Glyphosat: Entscheidung vertagt

Die EU-Kommission fand neuerlich nicht die erforderliche Mehrheit für ihren Vorschlag zur Zulassungsverlängerung.

Foto: BMLFUW/Alexander Haiden
„Wichtige Substanz“ für den Pflanzenschutz: Die IPG hält die Ablehnung von Glyphosat durch die Politik für nicht nachvollziehbar.

 

Erneut gescheitert ist die EU-Kommission mit ihrem Versuch, die Zulassung des Pflanzenschutzmittels Glyphosat um weitere zehn Jahre zu verlängern. Im Standing Committee on Plants, Animals, Food and Feed (PAFF Committee) kam die notwendige „qualifizierte Mehrheit“ der Stimmen der EU-Mitgliedsstaaten auch am 25. Oktober nicht zustande, berichtete die Kommission. „Qualifizierte Mehrheit“ bzw. „doppelte Mehrheit“ bedeutet, dass einem Vorschlag mindestens 55 Prozent der Mitgliedsstaaten zustimmen müssen, die mindestens 65 Prozent der Bevölkerung der Europäischen Union repräsentieren. Nicht überwinden konnte die Kommission die 65-Prozent-Hürde: Jene 16 Staaten, die ihr die Zustimmung erteilten, brachten diesen Bevölkerungsanteil nicht zustande. Zehn Staaten stimmten gegen den Vorschlag der Kommission (Belgien, Frankreich, Griechenland, Italien, Kroatien, Luxemburg, Malta, Österreich, Schweden sowie Slowenien). Zwei, Deutschland und Portugal, enthielten sich der Stimme. Die EU-Kommission kündigte an, einen Vorschlag zur Zulassungsveränderung in den kommenden Wochen nochmals zur Abstimmung zu bringen. Die geltende Genehmigung für den Einsatz von Glyphosat läuft bis Jahresende. Wird sie nicht verlängert, dürfen Restbestände noch binnen anderthalb Jahren verbraucht werden, also bis Mitte 2019.

 

Ungehalten reagierte die Industriegruppe Pflanzenschutz (IGP). „Wirkstoffe sind wichtige Substanzen für landwirtschaftliche Kulturen, um diese vor Krankheiten, Schädlingen sowie Unkraut zu schützen. Eine Entscheidung für oder einen Wirkstoff sollte daher keinesfalls emotional, sondern sachlich auf Basis von Fakten getroffen werden.
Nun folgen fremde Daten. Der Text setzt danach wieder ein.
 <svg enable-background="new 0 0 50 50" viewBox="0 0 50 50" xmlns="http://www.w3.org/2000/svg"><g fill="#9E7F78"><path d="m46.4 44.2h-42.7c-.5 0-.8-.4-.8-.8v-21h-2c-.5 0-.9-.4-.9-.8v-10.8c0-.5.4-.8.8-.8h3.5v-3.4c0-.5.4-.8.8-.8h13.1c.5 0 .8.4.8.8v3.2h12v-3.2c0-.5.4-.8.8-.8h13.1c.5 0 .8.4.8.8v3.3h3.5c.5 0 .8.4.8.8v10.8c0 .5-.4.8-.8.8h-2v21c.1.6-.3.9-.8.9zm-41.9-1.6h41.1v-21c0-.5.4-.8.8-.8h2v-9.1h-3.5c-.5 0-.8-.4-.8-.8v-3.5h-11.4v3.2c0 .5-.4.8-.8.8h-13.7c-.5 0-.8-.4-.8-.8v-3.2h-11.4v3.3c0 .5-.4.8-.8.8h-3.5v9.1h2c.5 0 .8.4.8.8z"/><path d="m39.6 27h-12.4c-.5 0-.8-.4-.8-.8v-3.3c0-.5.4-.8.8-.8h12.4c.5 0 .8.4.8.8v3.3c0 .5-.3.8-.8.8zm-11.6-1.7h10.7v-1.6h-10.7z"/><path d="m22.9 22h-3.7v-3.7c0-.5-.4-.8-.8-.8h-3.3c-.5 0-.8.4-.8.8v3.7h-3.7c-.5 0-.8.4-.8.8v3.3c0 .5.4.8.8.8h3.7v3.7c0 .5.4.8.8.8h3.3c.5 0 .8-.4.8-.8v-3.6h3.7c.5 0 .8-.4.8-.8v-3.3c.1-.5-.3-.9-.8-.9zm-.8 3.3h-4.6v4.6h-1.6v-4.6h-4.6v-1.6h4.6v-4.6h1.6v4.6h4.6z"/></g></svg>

Stattdessen wird jetzt bei Glyphosat die Angstmache gefördert, die das zutiefst verwerfliche Spiel mit der Angst vor Menschen vor Krebs für unlautere Ziele missbraucht“, verlautete Obmann Christian Stockmar. Er bezeichnete die Position der Staaten, die die Zulassungsverlängerung ablehnen, als „nicht nachvollziehbar. Dass politische Entscheidungsträger NGO-Kampagnen den Vorzug gegenüber wissenschaftlichen Fakten geben, ist ein maßgeblicher Faktor dafür, dass Europa als Forschungs-, Wissenschafts-, Landwirtschafts- und Wirtschaftsstandort weiter zurückfällt. Es fehlt schlichtweg die notwendige Planbarkeit, Rechtssicherheit sowie zunehmend die Wettbewerbsfähigkeit für die heimische Landwirtschaft und Wirtschaft.“

 

Einmal mehr wiederholte Stockmar, dass Glyphosat bei „sachgemäßem Einsatz nicht krebserregend für Menschen“ sei. Dies werde durch „3.300 Studien mit insgesamt 90.000 Seiten“ bestätigt. Ferner seien auch alle Gesundheitsbehörden der Welt zu diesem Ergebnis gelangt, „die mit einer Bewertung von Glyphosat befasst waren und denen die Originaldaten vorlagen“. Darunter befinden sich laut Stockmar die Europäische Lebensmittelsicherheitsbehörde EFSA, die US-amerikanische EPA, die kanadische Bewertungsbehörde Pest Management Regulatory Agency (PMRA), die Australian Pesticides and Veterinary Medicines Authority (APVMA), das Deutsche Bundesinstitut für Risikobewertung (BfR) sowie die Europäische Chemikalienagentur (ECHA).

 

Am 24. Oktober plädierte das EU-Parlament dafür, den Einsatz von Glyphosat in der Europäischen Union ab 2022 vollständig zu verbieten. Für den Beschluss hatten sich unter anderem die Grünen stark gemacht.